There's volatile, and there's ChiNext. All 28 debutants on Shenzhen's new board for growth stocks tripped multiple circuit-breakers on Friday, some more than doubling. Yesterday two-thirds of them did so in the other direction, tumbling more than 10 per cent. Beijing-based Huayi Brothers, China's largest film studio, was typical – up 147 per cent, down 11 per cent. If the Shanghai Stock Exchange is a bit of a casino, then the new junior board looks like it will be a back-alley cockfight.
Growth markets often falter: remember Easdaq, or Germany's Neuer Markt? Successful venues can take years to develop a full spectrum of issuers, from main market proxies (low volatility, high volumes, analyst coverage) at one end, to striplings barely out of venture capital at the other. But the omens aren't encouraging for China's new bourse. Growth markets need patient, long-term investors. And ChiNext is as short of those as its seniors in Shanghai and Shenzhen. On CLSA estimates, about a fifth of the capitalisation of the mainland markets is publicly accounted for, held by local and foreign institutions. The remainder is owned by flighty retail investors and shadowy government-linked bodies, whose investment objectives are anyone's guess. Growth markets also need unhysterical valuations. At close, the average trailing price/earnings ratio of ChiNext constituents is 71 – more than double that of the Shanghai benchmark, and more than triple the S&P 500's.

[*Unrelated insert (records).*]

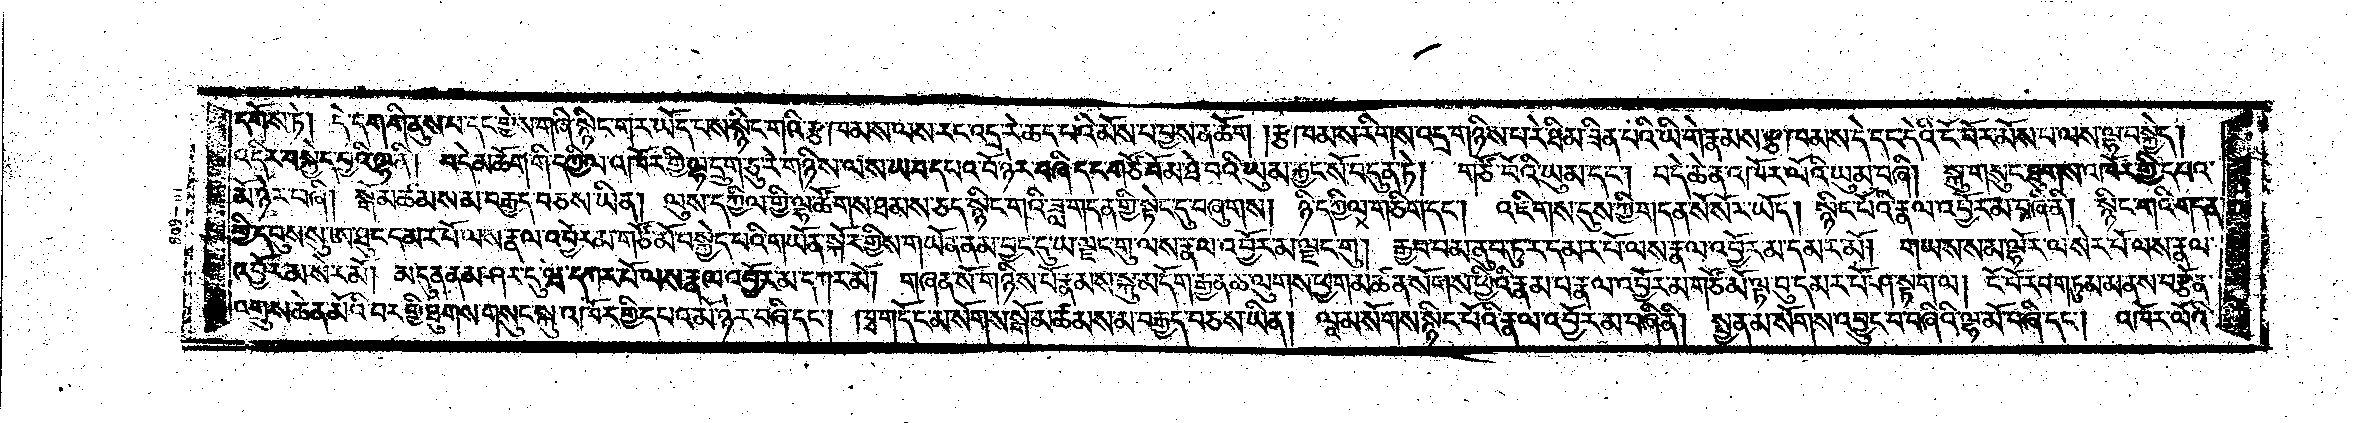དགོས་ཏེ། དེ་དག་གི་ནུས་པ་དང་གྱེས་གཞི་སྙིང་གར་ཡོད་པས་སྙིང་གའི་རྩ་ཁམས་ལས་རང་འདྲ་རེ་ཆད་པའི་མོས་པ་བྱས་ན་ཆོག །རྩ་ཁམས་རིགས་འདྲ་གཉིས་པ་རེ་ཐིམ་ཟིན་པའི་ཡི་གེ་རྣམས་རྩ་ཁམས་དེ་དང་དེའི་ངོ་བོར་མོས་པ་ལས་ལྷ་བསྐྱེད།
འདིར་བསྐྱེད་བྱའི་ལྷ་ནི། བདེ་མཆོག་གི་དཀྱིལ་འཁོར་གྱི་ལྷ་དྲུག་ཅུ་རེ་གཉིས་ལས་ཡབ་དཔའ་བོ་ཉེར་བཞི་དང་གཙོ་བོ་མ་ཐེ་བའི་ཡུམ་རྐྱང་སོ་བདུན་ཏེ། གཙོ་བོའི་ཡུམ་དང་། བདེ་ཆེན་འཁོར་ལོའི་ཡུམ་བཞི། སྐུ་གསུང་ཐུགས་འཁོར་གྱི་དཔའ་
མོ་ཉེར་བཞི། སྒོ་མཚམས་མ་བརྒྱད་བཅས་ཡིན། ལུས་དཀྱིལ་གྱི་ལྷ་ཚོགས་ཐམས་ཅད་སྙིང་གའི་ཟླ་གདན་གྱི་སྟེང་དུ་བཞུགས། ཉི་དཀྱིལ྾་གཅིག་དང་། འཇིགས་དུས་ཀྱི་གདན་སོ་སོར་ཡོད། སྙིང་པོའི་རྣལ་འབྱོར་མ་བཞི་ནི། སྙིང་གའི་གདན་
གྱི་དབུས་སུ་ཨ་ཐུང་དམར་པོ་ལས་རྣལ་འབྱོར་མ་གཙོ་མོ་བསྐྱེད་པའི་གཡོན་སྐོར་གྱིས་གཡོན་ནམ་བྱང་དུ་ཡ་ལྗང་གུ་ལས་རྣལ་འབྱོར་མ་ལྗང་གུ། རྒྱབ་བམ་ནུབ་ཏུ་ར་དམར་པོ་ལས་རྣལ་འབྱོར་མ་དམར་མོ། གཡས་སམ་ལྷོར་ལ་སེར་པོ་ལས་རྣལ་
འབྱོར་མ་སེར་མོ། མདུན་ནམ་ཤར་དུ་ཝ་དཀར་པོ་ལས་རྣལ་འབྱོར་མ་དཀར་མོ། གཞན་སོ་གཉིས་པོ་རྣམས་སྐུ་མདོག་རྒྱན་ཆ་ལུགས་ཕྱག་མཚན་སོགས་ཕྱིའི་རྣམ་པ་རྣལ་འབྱོར་མ་གཙོ་མོ་ལྟ་བུ་དམར་པོ་ཤ་སྟག་ལ། ངོ་བོ་རབ་གཏུམ་མ་ནས་བརྩོན་
འགྲུས་ཆེན་མོའི་བར་གྱི་ཐུགས་གསུང་སྐུ་འཁོར་གྱི་དཔའ་མོ་ཉེར་བཞི་དང་། ཁྭ་གདོང་མ་སོགས་སྒོ་མཚམས་མ་བརྒྱད་བཅས་ཡིན། ལཱ་མ་སོགས་སྙིང་པོའི་རྣལ་འབྱོར་མ་བཞི་ནི། སྤྱན་མ་སོགས་འབྱུང་རྦ་བཞིའི་ལྷ་མོ་བཞི་དང་། འཁོར་ལོའི་

The rationale for ChiNext remains sound. The world's leading capital markets – London, New York, Tokyo – are multi-tiered. China's start-ups have struggled for access to equity capital; the internet companies Baidu and Ctrip, for example, now worth a combined $17bn on Nasdaq, had to look elsewhere. A reliable outlet for growth stocks also draws in more private equity money to back listable candidates. But note the key word, “reliable”. ChiNext is anything but.